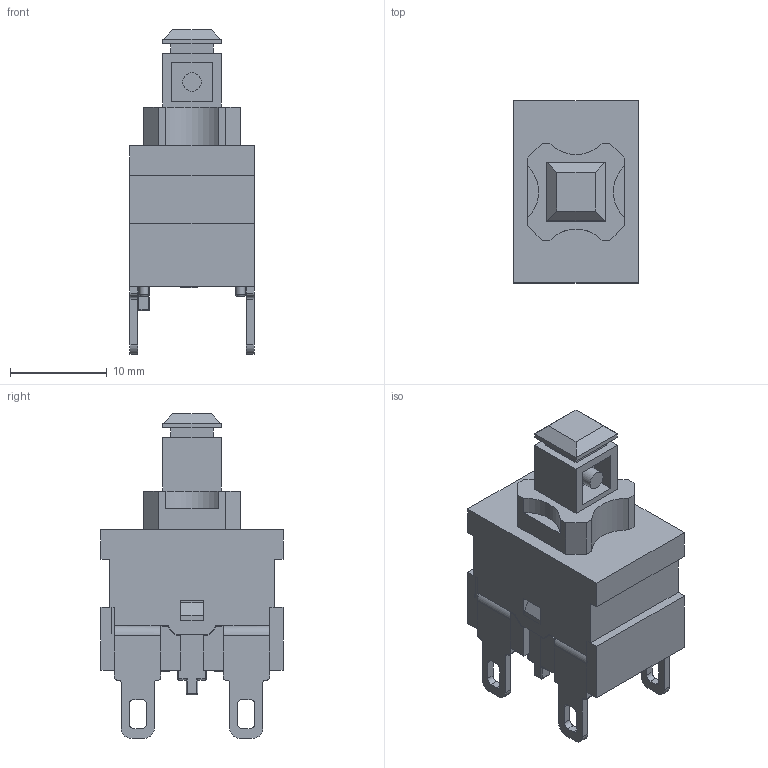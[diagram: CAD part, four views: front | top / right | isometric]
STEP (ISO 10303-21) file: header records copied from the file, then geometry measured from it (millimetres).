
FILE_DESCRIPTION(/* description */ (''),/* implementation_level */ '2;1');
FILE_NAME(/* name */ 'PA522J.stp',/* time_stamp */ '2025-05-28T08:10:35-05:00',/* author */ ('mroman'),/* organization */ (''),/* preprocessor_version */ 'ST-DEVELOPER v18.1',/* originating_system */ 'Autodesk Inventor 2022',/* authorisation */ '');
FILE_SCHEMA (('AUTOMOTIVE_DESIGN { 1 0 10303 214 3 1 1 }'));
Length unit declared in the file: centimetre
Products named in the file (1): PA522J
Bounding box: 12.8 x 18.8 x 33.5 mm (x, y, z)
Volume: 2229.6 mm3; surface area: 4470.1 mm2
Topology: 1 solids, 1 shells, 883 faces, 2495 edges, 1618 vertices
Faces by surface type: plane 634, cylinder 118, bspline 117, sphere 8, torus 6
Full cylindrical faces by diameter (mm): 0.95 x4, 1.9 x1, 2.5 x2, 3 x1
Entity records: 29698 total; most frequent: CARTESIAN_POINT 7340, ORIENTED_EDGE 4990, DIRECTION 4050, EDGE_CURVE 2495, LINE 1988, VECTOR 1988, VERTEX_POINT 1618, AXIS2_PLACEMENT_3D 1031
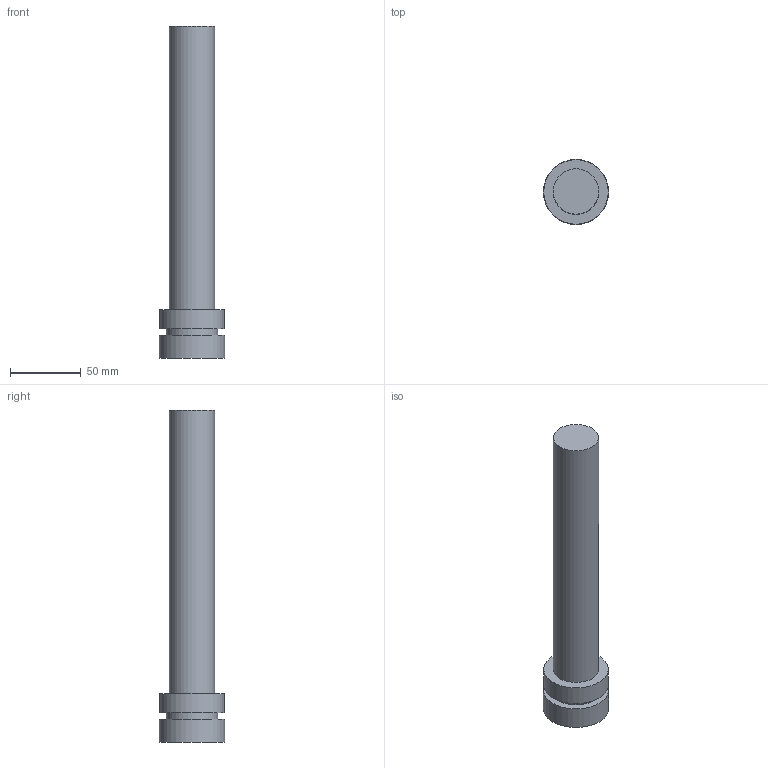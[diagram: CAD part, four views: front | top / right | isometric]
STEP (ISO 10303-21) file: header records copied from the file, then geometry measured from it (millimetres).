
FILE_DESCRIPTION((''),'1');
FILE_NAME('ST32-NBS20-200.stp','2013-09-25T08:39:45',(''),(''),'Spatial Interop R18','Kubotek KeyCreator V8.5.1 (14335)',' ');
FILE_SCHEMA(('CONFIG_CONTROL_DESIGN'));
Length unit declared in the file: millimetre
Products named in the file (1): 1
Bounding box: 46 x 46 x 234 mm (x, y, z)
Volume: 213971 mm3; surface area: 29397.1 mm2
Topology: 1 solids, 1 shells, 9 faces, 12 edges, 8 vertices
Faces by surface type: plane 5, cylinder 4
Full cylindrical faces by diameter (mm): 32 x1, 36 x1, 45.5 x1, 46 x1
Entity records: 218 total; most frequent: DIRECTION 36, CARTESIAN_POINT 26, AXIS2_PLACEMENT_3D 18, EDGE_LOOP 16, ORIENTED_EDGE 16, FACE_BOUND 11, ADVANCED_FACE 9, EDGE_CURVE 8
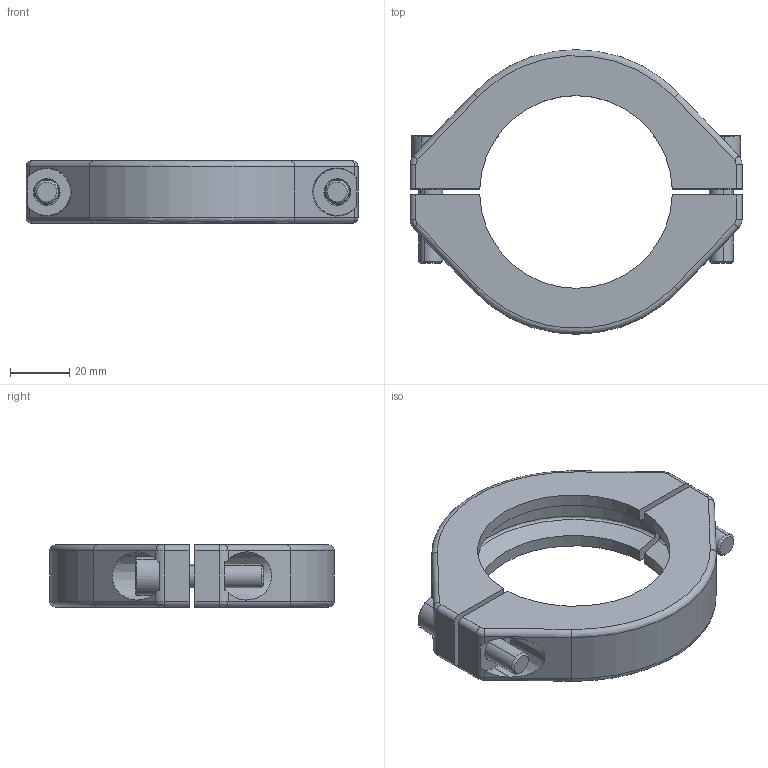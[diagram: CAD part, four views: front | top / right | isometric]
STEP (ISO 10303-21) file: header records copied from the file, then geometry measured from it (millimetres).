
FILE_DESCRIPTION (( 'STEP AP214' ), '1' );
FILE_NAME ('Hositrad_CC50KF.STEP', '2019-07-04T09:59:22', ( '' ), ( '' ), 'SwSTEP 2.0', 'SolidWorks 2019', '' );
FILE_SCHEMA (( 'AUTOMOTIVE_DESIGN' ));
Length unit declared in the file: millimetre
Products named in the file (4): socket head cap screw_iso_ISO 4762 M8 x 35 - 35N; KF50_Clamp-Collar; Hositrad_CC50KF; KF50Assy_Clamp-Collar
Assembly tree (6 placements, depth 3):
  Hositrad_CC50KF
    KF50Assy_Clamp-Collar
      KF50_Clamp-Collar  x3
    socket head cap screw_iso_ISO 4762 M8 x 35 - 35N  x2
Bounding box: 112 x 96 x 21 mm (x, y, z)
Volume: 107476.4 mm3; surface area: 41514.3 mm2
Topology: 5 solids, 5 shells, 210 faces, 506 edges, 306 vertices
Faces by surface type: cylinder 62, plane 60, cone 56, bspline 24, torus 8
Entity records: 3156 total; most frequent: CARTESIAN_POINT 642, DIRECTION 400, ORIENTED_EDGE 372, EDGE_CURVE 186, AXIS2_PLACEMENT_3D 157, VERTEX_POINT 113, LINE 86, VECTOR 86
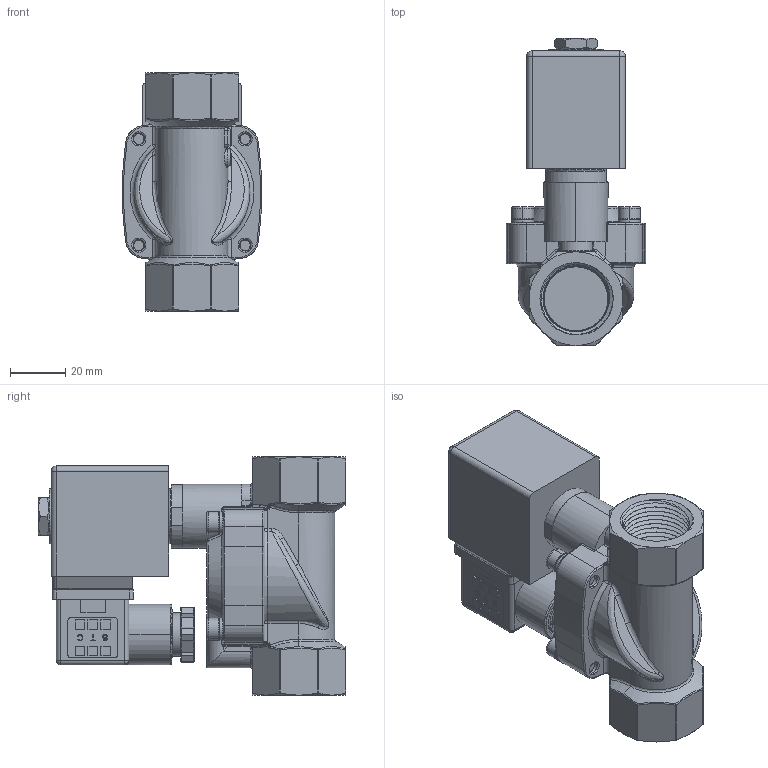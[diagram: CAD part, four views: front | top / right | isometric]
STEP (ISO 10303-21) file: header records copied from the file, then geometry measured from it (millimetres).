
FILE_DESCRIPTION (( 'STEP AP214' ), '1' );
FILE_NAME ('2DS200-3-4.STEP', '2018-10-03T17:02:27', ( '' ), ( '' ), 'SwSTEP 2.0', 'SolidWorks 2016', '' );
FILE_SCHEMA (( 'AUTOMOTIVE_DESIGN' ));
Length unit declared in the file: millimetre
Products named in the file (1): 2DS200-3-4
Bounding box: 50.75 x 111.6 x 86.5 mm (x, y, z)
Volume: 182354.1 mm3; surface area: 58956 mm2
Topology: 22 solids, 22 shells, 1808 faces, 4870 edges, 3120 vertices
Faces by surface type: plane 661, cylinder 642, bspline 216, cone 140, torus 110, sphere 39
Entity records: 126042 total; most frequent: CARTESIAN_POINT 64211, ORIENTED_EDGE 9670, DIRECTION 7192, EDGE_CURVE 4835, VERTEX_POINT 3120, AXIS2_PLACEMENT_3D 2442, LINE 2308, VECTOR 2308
———
--- Instructions for the task ---
From the first line to the last, copy the records above exactly and leave out the pictures.

--- Task response ---
[diagram: CAD part, four views: front | top / right | isometric]
STEP (ISO 10303-21) file: header records copied from the file, then geometry measured from it (millimetres).
FILE_DESCRIPTION(/* description */ (''),/* implementation_level */ '2;1');
FILE_NAME(/* name */ 'PA522J.stp',/* time_stamp */ '2025-05-28T08:10:35-05:00',/* author */ ('mroman'),/* organization */ (''),/* preprocessor_version */ 'ST-DEVELOPER v18.1',/* originating_system */ 'Autodesk Inventor 2022',/* authorisation */ '');
FILE_SCHEMA (('AUTOMOTIVE_DESIGN { 1 0 10303 214 3 1 1 }'));
Length unit declared in the file: centimetre
Products named in the file (1): PA522J
Bounding box: 12.8 x 18.8 x 33.5 mm (x, y, z)
Volume: 2229.6 mm3; surface area: 4470.1 mm2
Topology: 1 solids, 1 shells, 883 faces, 2495 edges, 1618 vertices
Faces by surface type: plane 634, cylinder 118, bspline 117, sphere 8, torus 6
Full cylindrical faces by diameter (mm): 0.95 x4, 1.9 x1, 2.5 x2, 3 x1
Entity records: 29698 total; most frequent: CARTESIAN_POINT 7340, ORIENTED_EDGE 4990, DIRECTION 4050, EDGE_CURVE 2495, LINE 1988, VECTOR 1988, VERTEX_POINT 1618, AXIS2_PLACEMENT_3D 1031
[diagram: CAD part, four views: front | top / right | isometric]
STEP (ISO 10303-21) file: header records copied from the file, then geometry measured from it (millimetres).
FILE_DESCRIPTION((''),'1');
FILE_NAME('ST32-NBS20-200.stp','2013-09-25T08:39:45',(''),(''),'Spatial Interop R18','Kubotek KeyCreator V8.5.1 (14335)',' ');
FILE_SCHEMA(('CONFIG_CONTROL_DESIGN'));
Length unit declared in the file: millimetre
Products named in the file (1): 1
Bounding box: 46 x 46 x 234 mm (x, y, z)
Volume: 213971 mm3; surface area: 29397.1 mm2
Topology: 1 solids, 1 shells, 9 faces, 12 edges, 8 vertices
Faces by surface type: plane 5, cylinder 4
Full cylindrical faces by diameter (mm): 32 x1, 36 x1, 45.5 x1, 46 x1
Entity records: 218 total; most frequent: DIRECTION 36, CARTESIAN_POINT 26, AXIS2_PLACEMENT_3D 18, EDGE_LOOP 16, ORIENTED_EDGE 16, FACE_BOUND 11, ADVANCED_FACE 9, EDGE_CURVE 8
[diagram: CAD part, four views: front | top / right | isometric]
STEP (ISO 10303-21) file: header records copied from the file, then geometry measured from it (millimetres).
FILE_DESCRIPTION (( 'STEP AP214' ), '1' );
FILE_NAME ('Hositrad_CC50KF.STEP', '2019-07-04T09:59:22', ( '' ), ( '' ), 'SwSTEP 2.0', 'SolidWorks 2019', '' );
FILE_SCHEMA (( 'AUTOMOTIVE_DESIGN' ));
Length unit declared in the file: millimetre
Products named in the file (4): socket head cap screw_iso_ISO 4762 M8 x 35 - 35N; KF50_Clamp-Collar; Hositrad_CC50KF; KF50Assy_Clamp-Collar
Assembly tree (6 placements, depth 3):
  Hositrad_CC50KF
    KF50Assy_Clamp-Collar
      KF50_Clamp-Collar  x3
    socket head cap screw_iso_ISO 4762 M8 x 35 - 35N  x2
Bounding box: 112 x 96 x 21 mm (x, y, z)
Volume: 107476.4 mm3; surface area: 41514.3 mm2
Topology: 5 solids, 5 shells, 210 faces, 506 edges, 306 vertices
Faces by surface type: cylinder 62, plane 60, cone 56, bspline 24, torus 8
Entity records: 3156 total; most frequent: CARTESIAN_POINT 642, DIRECTION 400, ORIENTED_EDGE 372, EDGE_CURVE 186, AXIS2_PLACEMENT_3D 157, VERTEX_POINT 113, LINE 86, VECTOR 86
[diagram: CAD part, four views: front | top / right | isometric]
STEP (ISO 10303-21) file: header records copied from the file, then geometry measured from it (millimetres).
FILE_DESCRIPTION (( 'STEP AP214' ), '1' );
FILE_NAME ('2DS200-3-4.STEP', '2018-10-03T17:02:27', ( '' ), ( '' ), 'SwSTEP 2.0', 'SolidWorks 2016', '' );
FILE_SCHEMA (( 'AUTOMOTIVE_DESIGN' ));
Length unit declared in the file: millimetre
Products named in the file (1): 2DS200-3-4
Bounding box: 50.75 x 111.6 x 86.5 mm (x, y, z)
Volume: 182354.1 mm3; surface area: 58956 mm2
Topology: 22 solids, 22 shells, 1808 faces, 4870 edges, 3120 vertices
Faces by surface type: plane 661, cylinder 642, bspline 216, cone 140, torus 110, sphere 39
Entity records: 126042 total; most frequent: CARTESIAN_POINT 64211, ORIENTED_EDGE 9670, DIRECTION 7192, EDGE_CURVE 4835, VERTEX_POINT 3120, AXIS2_PLACEMENT_3D 2442, LINE 2308, VECTOR 2308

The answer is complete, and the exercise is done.